---------- Entries shown

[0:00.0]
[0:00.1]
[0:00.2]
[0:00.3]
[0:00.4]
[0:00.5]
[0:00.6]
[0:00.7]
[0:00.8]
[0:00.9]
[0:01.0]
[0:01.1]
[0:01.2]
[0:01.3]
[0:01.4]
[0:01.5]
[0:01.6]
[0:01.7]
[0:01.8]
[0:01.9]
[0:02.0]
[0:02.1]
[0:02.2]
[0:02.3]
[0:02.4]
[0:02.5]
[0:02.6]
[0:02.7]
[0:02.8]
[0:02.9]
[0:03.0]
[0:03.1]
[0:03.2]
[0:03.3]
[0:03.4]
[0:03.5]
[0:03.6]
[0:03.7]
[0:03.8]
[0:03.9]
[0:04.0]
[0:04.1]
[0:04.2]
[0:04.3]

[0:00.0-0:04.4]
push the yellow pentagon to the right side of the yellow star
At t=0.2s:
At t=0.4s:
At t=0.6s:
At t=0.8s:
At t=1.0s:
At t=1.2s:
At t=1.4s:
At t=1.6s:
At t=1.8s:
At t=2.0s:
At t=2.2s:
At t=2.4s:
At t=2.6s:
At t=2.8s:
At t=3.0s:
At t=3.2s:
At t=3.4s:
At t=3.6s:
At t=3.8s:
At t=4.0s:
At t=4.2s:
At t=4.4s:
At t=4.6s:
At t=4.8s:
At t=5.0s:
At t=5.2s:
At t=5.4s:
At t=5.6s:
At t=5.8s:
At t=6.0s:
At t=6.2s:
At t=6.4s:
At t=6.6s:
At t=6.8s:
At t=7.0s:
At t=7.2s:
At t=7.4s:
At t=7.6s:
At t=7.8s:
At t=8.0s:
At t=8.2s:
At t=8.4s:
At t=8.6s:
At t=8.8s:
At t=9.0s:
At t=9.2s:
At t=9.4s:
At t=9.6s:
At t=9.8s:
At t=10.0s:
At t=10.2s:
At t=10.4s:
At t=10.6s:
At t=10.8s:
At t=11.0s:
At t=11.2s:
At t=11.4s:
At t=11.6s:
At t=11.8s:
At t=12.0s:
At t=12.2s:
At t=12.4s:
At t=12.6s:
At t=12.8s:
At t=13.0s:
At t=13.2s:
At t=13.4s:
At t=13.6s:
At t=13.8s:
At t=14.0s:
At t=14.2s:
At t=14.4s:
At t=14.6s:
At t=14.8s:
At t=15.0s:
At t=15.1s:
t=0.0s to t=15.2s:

--------------------

• _What is required_: Set down the data exactly.

• _Result of this exercise_:
[0:00.0]
[0:00.1]
[0:00.2]
[0:00.3]
[0:00.4]
[0:00.5]
[0:00.6]
[0:00.7]
[0:00.8]
[0:00.9]
[0:01.0]
[0:01.1]
[0:01.2]
[0:01.3]
[0:01.4]
[0:01.5]
[0:01.6]
[0:01.7]
[0:01.8]
[0:01.9]
[0:02.0]
[0:02.1]
[0:02.2]
[0:02.3]
[0:02.4]
[0:02.5]
[0:02.6]
[0:02.7]
[0:02.8]
[0:02.9]
[0:03.0]
[0:03.1]
[0:03.2]
[0:03.3]
[0:03.4]
[0:03.5]
[0:03.6]
[0:03.7]
[0:03.8]
[0:03.9]
[0:04.0]
[0:04.1]
[0:04.2]
[0:04.3]

[0:00.0-0:04.4]
push the yellow pentagon to the right side of the yellow star
At t=0.2s:
At t=0.4s:
At t=0.6s:
At t=0.8s:
At t=1.0s:
At t=1.2s:
At t=1.4s:
At t=1.6s:
At t=1.8s:
At t=2.0s:
At t=2.2s:
At t=2.4s:
At t=2.6s:
At t=2.8s:
At t=3.0s:
At t=3.2s:
At t=3.4s:
At t=3.6s:
At t=3.8s:
At t=4.0s:
At t=4.2s:
At t=4.4s:
At t=4.6s:
At t=4.8s:
At t=5.0s:
At t=5.2s:
At t=5.4s:
At t=5.6s:
At t=5.8s:
At t=6.0s:
At t=6.2s:
At t=6.4s:
At t=6.6s:
At t=6.8s:
At t=7.0s:
At t=7.2s:
At t=7.4s:
At t=7.6s:
At t=7.8s:
At t=8.0s:
At t=8.2s:
At t=8.4s:
At t=8.6s:
At t=8.8s:
At t=9.0s:
At t=9.2s:
At t=9.4s:
At t=9.6s:
At t=9.8s:
At t=10.0s:
At t=10.2s:
At t=10.4s:
At t=10.6s:
At t=10.8s:
At t=11.0s:
At t=11.2s:
At t=11.4s:
At t=11.6s:
At t=11.8s:
At t=12.0s:
At t=12.2s:
At t=12.4s:
At t=12.6s:
At t=12.8s:
At t=13.0s:
At t=13.2s:
At t=13.4s:
At t=13.6s:
At t=13.8s:
At t=14.0s:
At t=14.2s:
At t=14.4s:
At t=14.6s:
At t=14.8s:
At t=15.0s:
At t=15.1s:
t=0.0s to t=15.2s:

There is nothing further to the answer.